Dr. Jelle Zeilinga de Boer, a geologist at Wesleyan University who grew up in Indonesia and has studied the archipelago, says historical evidence from earlier tsunamis suggests that the huge waves can distribute rich sediments from river systems across coastal plains, making the soil richer.

“It brings fertile soils into the lowlands,” he said. “In time, a more fertile jungle will develop.”

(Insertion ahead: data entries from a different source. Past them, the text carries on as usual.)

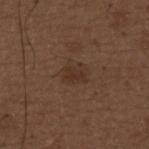follow-up = catalogued during a skin exam; not biopsied
subject = male, in their 50s
image source = ~15 mm crop, total-body skin-cancer survey
body site = the upper back
TBP lesion metrics = roughly 6 lightness units darker than nearby skin and a normalized border contrast of about 6.5; a border-irregularity index near 3.5/10, a within-lesion color-variation index near 1/10, and a peripheral color-asymmetry measure near 0.5; a detector confidence of about 100 out of 100 that the crop contains a lesion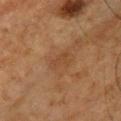| feature | finding |
|---|---|
| notes | total-body-photography surveillance lesion; no biopsy |
| illumination | cross-polarized |
| diameter | ≈3 mm |
| subject | male, aged 58 to 62 |
| image-analysis metrics | an area of roughly 4 mm², an outline eccentricity of about 0.85 (0 = round, 1 = elongated), and a shape-asymmetry score of about 0.35 (0 = symmetric) |
| location | the chest |
| imaging modality | 15 mm crop, total-body photography |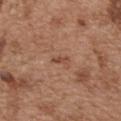{"biopsy_status": "not biopsied; imaged during a skin examination", "lighting": "white-light", "site": "front of the torso", "lesion_size": {"long_diameter_mm_approx": 2.5}, "image": {"source": "total-body photography crop", "field_of_view_mm": 15}, "patient": {"sex": "male", "age_approx": 55}}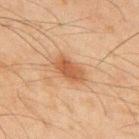This lesion was catalogued during total-body skin photography and was not selected for biopsy.
Approximately 4 mm at its widest.
The lesion is on the upper back.
This is a cross-polarized tile.
A male subject about 45 years old.
A close-up tile cropped from a whole-body skin photograph, about 15 mm across.
An algorithmic analysis of the crop reported a footprint of about 7 mm² and a symmetry-axis asymmetry near 0.2. And it measured an average lesion color of about L≈46 a*≈20 b*≈32 (CIELAB), roughly 10 lightness units darker than nearby skin, and a lesion-to-skin contrast of about 7.5 (normalized; higher = more distinct). And it measured a border-irregularity rating of about 2.5/10, a color-variation rating of about 3/10, and a peripheral color-asymmetry measure near 1. It also reported a nevus-likeness score of about 95/100 and a detector confidence of about 100 out of 100 that the crop contains a lesion.

Dr. de Boer, author of recent books on earthquakes and volcanoes in human history, added that great suffering from tectonic violence was usually followed by great benefits as well. “Nature is reborn with these kinds of terrible events,” he said. “There are a lot of positive aspects even when we don’t see them.”

Plate tectonics holds that the earth’s surface is made up of a dozen or so big crustal slabs that float on a sea of melted rock. Over ages, this churning sea moves the plates as well as their superimposed continents and ocean basins, tearing them apart and rearranging them like pieces of a puzzle.

The process starts as volcanic gashes spew hot rock that spreads out across the seabed. Eventually, hundreds or thousands of miles away, the cooling slab collides with other plates and sinks beneath them, plunging back into the hot earth.

The colliding plates grind past one another about as fast as fingernails grow and over time produce mountains and swarms of earthquakes as frictional stresses build and release. Meanwhile, parts of the descending plate melt and rise to form volcanoes on land.

The recent cataclysm began in a similar manner as volcanic gashes in the western depths of the Indian Ocean belched molten rock to form the India plate. Its collision with the Burma plate created the volcanoes of Sumatra as well thousands of earthquakes, including the magnitude 9.0 killer.

But despite such staggering losses of life, said Robert S. Detrick Jr., a geophysicist at the Woods Hole Oceanographic Institution, “there’s no question that plate tectonics rejuvenates the planet.”

Here’s the take-home message for any and all religious people who encounter this blogpost: So long as any among us, and especially our clergy, believe that our best understanding of God and divine guidance comes from the Bible, rather than all forms of evidence, we’re going to continue to see (and be appalled by) these kinds of interpretations.